The Equalizing Work Of The 1970s Is Back On The Agenda

OPINION
By Lori Sturdevant
Star Tribune (Minneapolis)

Stamped on the cover of the folio several hundred participants in Thursday’s Women’s Economic Security Summit in St. Paul received were two big, red words: “UNFINISHED BUSINESS.”

The stamp was adjacent to mention of the Women’s Economic Security Act, a multipart push to improve the lot of working women that got about half as far as its advocates wanted in last year’s legislative session.
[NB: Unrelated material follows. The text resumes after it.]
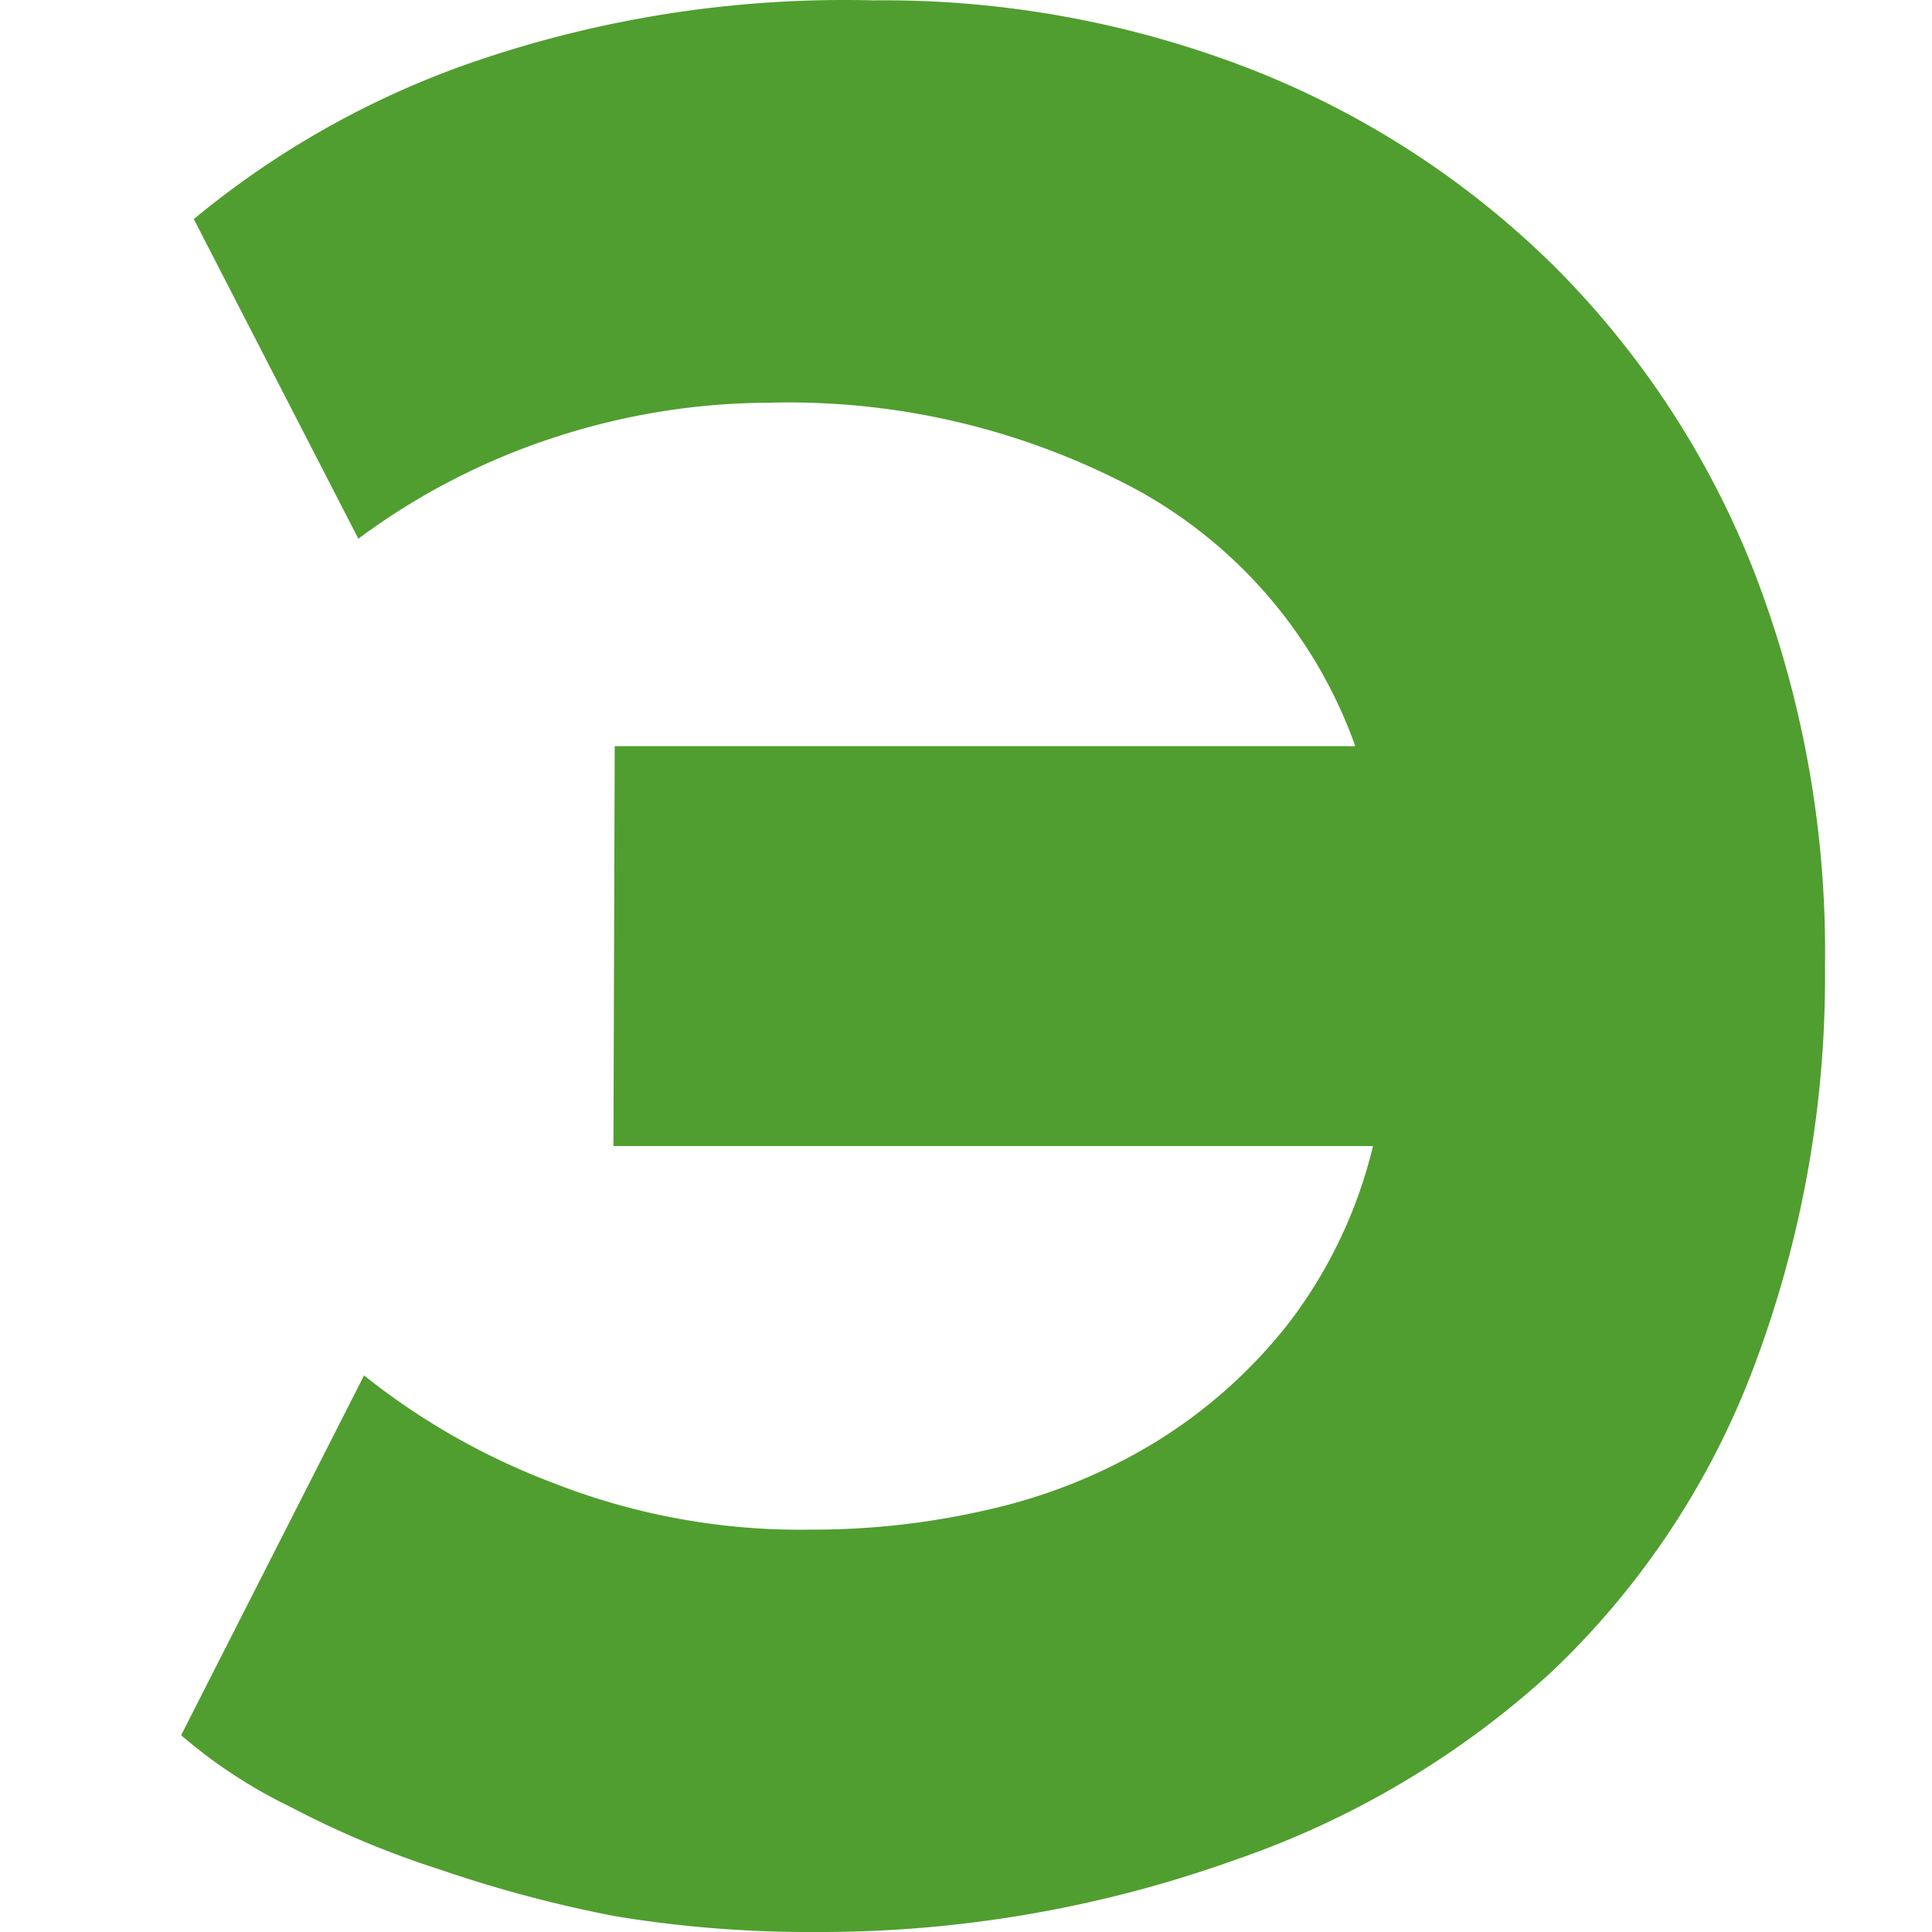 <svg width="64" height="64" fill="none" xmlns="http://www.w3.org/2000/svg"><path d="M20.363 24.718h24.533a15.694 15.694 0 00-7.192-8.47 24.432 24.432 0 00-12.267-2.907c-2.35.012-4.683.383-6.919 1.1a22.619 22.619 0 00-6.647 3.405L6.42 7.258a29.744 29.744 0 018.807-5.045A37.77 37.77 0 0128.918.012 33.526 33.526 0 0141.5 2.317a29.693 29.693 0 019.981 6.498 29.497 29.497 0 016.605 10.07 34.866 34.866 0 012.37 13.12 36.63 36.63 0 01-2.37 13.309 27.088 27.088 0 01-6.689 10.07 29.898 29.898 0 01-10.484 6.228A40.747 40.747 0 0126.968 64a39.483 39.483 0 01-6.563-.519c-1.985-.38-3.94-.9-5.85-1.557a30.533 30.533 0 01-4.948-2.076A16.57 16.57 0 016 57.481l6.06-11.918a23.119 23.119 0 006.29 3.571 22.358 22.358 0 008.513 1.537c2.042.006 4.076-.231 6.06-.706a18.302 18.302 0 005.431-2.242 16.723 16.723 0 004.361-3.925 15.671 15.671 0 002.768-5.834H20.321l.042-13.245z" fill="#509E2F"/></svg>

The coalition behind it is back this year, pushing for paid sick leave, paid leave for new parents and family caregivers, protection against workplace discrimination against caregivers, and more.
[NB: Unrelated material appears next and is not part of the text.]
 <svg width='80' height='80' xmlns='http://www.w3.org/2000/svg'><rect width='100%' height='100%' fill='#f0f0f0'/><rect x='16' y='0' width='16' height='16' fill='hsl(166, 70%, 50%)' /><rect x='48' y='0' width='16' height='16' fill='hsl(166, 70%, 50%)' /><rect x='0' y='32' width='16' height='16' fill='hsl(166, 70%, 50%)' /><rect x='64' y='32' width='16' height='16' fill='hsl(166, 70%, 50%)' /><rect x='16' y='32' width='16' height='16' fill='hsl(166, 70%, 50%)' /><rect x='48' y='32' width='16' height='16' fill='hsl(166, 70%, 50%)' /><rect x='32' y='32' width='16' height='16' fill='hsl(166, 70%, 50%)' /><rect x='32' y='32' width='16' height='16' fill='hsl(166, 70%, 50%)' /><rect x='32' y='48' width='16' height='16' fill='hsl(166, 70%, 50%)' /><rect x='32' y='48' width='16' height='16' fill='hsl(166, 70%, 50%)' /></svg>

But to summit attendees whose feminist histories stretch back 30 or 40 years, “unfinished business” signified a lot more than last year’s legislative leftovers.

It evoked the broader aim of the women’s movement of the 1970s — the notion that not only would women be allowed to play more roles in work and society, but also that work and society would adapt to that new reality. New ways would be found for men and women to share in the responsibilities of adulthood — chief among them nurturing children and tending frail elderly relatives — as the two genders shared more fully in earning a living and upholding their communities.

That adaptation has been slow in coming — even in Minnesota, long a leader in the share of women employed outside the home. But lately, I think I see adaptation picking up speed.

I’d like to borrow that “unfinished business” ink stamp, so I could smack it on a big chunk of the 2016-17 state budget Gov. Mark Dayton proposed to the Legislature last week. Take his child care tax credit. It would send an estimated 130,000 families what would amount to rebates for out-of-pocket expenses for child care or the care of a disabled or elderly family member.

At $100 million over two years, Dayton’s proposed credit is a big-ticket item in the state budget, yet a relatively modest item for families. The projected average per-family credit would be $481, while the average cost of infant care in Minnesota is the third-highest in the nation, at $13,579. But the credit represents a governor’s recognition that a society and an economy that induce parents to work outside the home should bear a share of the cost of child care.

In the same spirit, Dayton’s budget also includes richer child care subsidies and preschool scholarships for low-income parents. And it starts Minnesota down a path toward public-school preschool for all 4-year-olds. The latter is costly and will surely be controversial. But taken together, Dayton’s proposals aim to make work “work” for today’s child-rearing families.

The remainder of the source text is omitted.